Copyright ©2024 EduGorilla Community Pvt. Ltd.

Hmm so you say y = sqrt(x+sqrt(x+…)

But you can rewrite this in infinitely many ways as this weird sum of square roots is going to infinity :

y = sqrt(x+sqrt(x+…+y)

So What is the real correct answer ? Nice video btw, glad to see more and more videos of maths on your channel these times!

Thanks for this, I am in calc BC and we have been doing logarithmic differentiation. I thought it would be fun to play with some infinite functions, like x^x^x…. What a coincidence!

Isn't 1/sqrt(1+4x) another (or even better) way to write the same thing though?

Awesome

Hi!, your videos are awesome!.

I would really appreciate if you help me with this interesting integral: x/(e^x -1) from 0 to infin. , the result is π^2/6. I don't know how to get that result.

Regards!

Now I know how to impress girls. Wish me luck!

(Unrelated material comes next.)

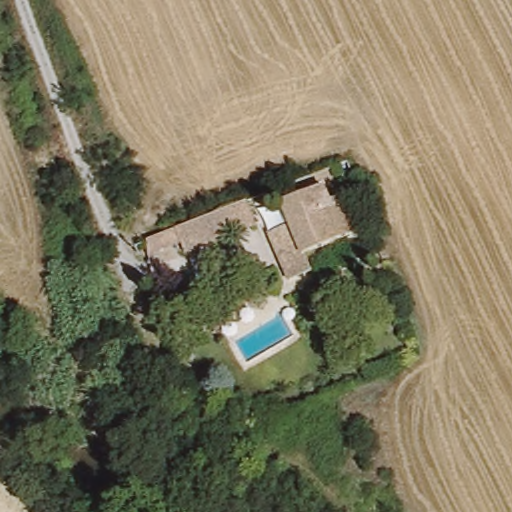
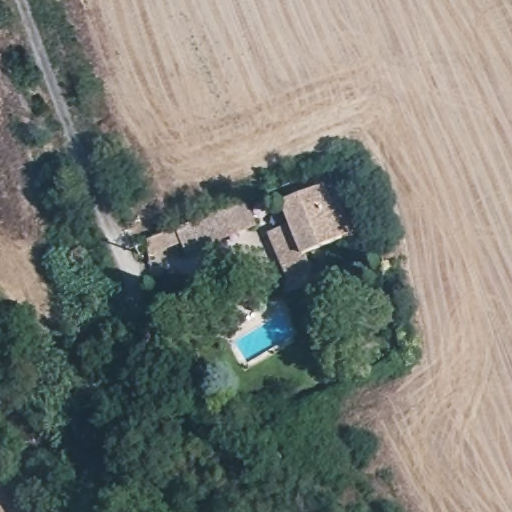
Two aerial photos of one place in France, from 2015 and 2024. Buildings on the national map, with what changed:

Don't forget to rationalize the denominator! :-p

g(x) = sqrt(x+sqrt(x+sqrt(x+…)))

g(x) = sqrt(x + g(x) )

g(x)^2 – g(x) – x = 0

g(x) = (1+sqrt(1+4x))/2

easy from there

4:48 I like to use y' in these cases, so isn't so messy

Excellent Intuition!

Great example!!

2:04 hahahaha, thanks, man 😀

It would be great if you could do a video to integrate this differential equation 🙂

Nice shirt

Is the last step even allowed ? Wouldn't you have to prove that y can't be 1/2 so that you are not diving by 0 ?

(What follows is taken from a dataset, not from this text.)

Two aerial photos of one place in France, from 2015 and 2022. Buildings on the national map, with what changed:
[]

in these problems you always want to find the infinite sequence again, but somewhere else, then substitute.

y = sqrt(x+sqrt(x+…

if you take the square you get

y²=x+ sqrt(x+sqrt(x+…

then you can move the x to the left and you get

y² – x = sqrt(x+sqrt(x+…

From what we started with we know that y = sqrt(x+sqrt(x+…

therefore:

y² – x = y

Then it's much simpler and you can use implicit differentiation 🙂

I have a question. Is it not better to just express it in terms of x by solving the quadratic in the beginning? I had the same idea you had and solved it by Implicit Differentiation but then realized I could also do this:

y^2-y-x=0

D=1+4x

Given that y is properly defined as a real number – albeit an irrational one maybe – it stands to reason that it is defined for all x:(1+4x>0). Moreover, since y=sqrt(x+y), if x<0, then y becomes the sqrt of something negative+the square root of something negative + …, which cannot be even a real number, let alone a positive one. Therefore, the domain for this function is (all x>0).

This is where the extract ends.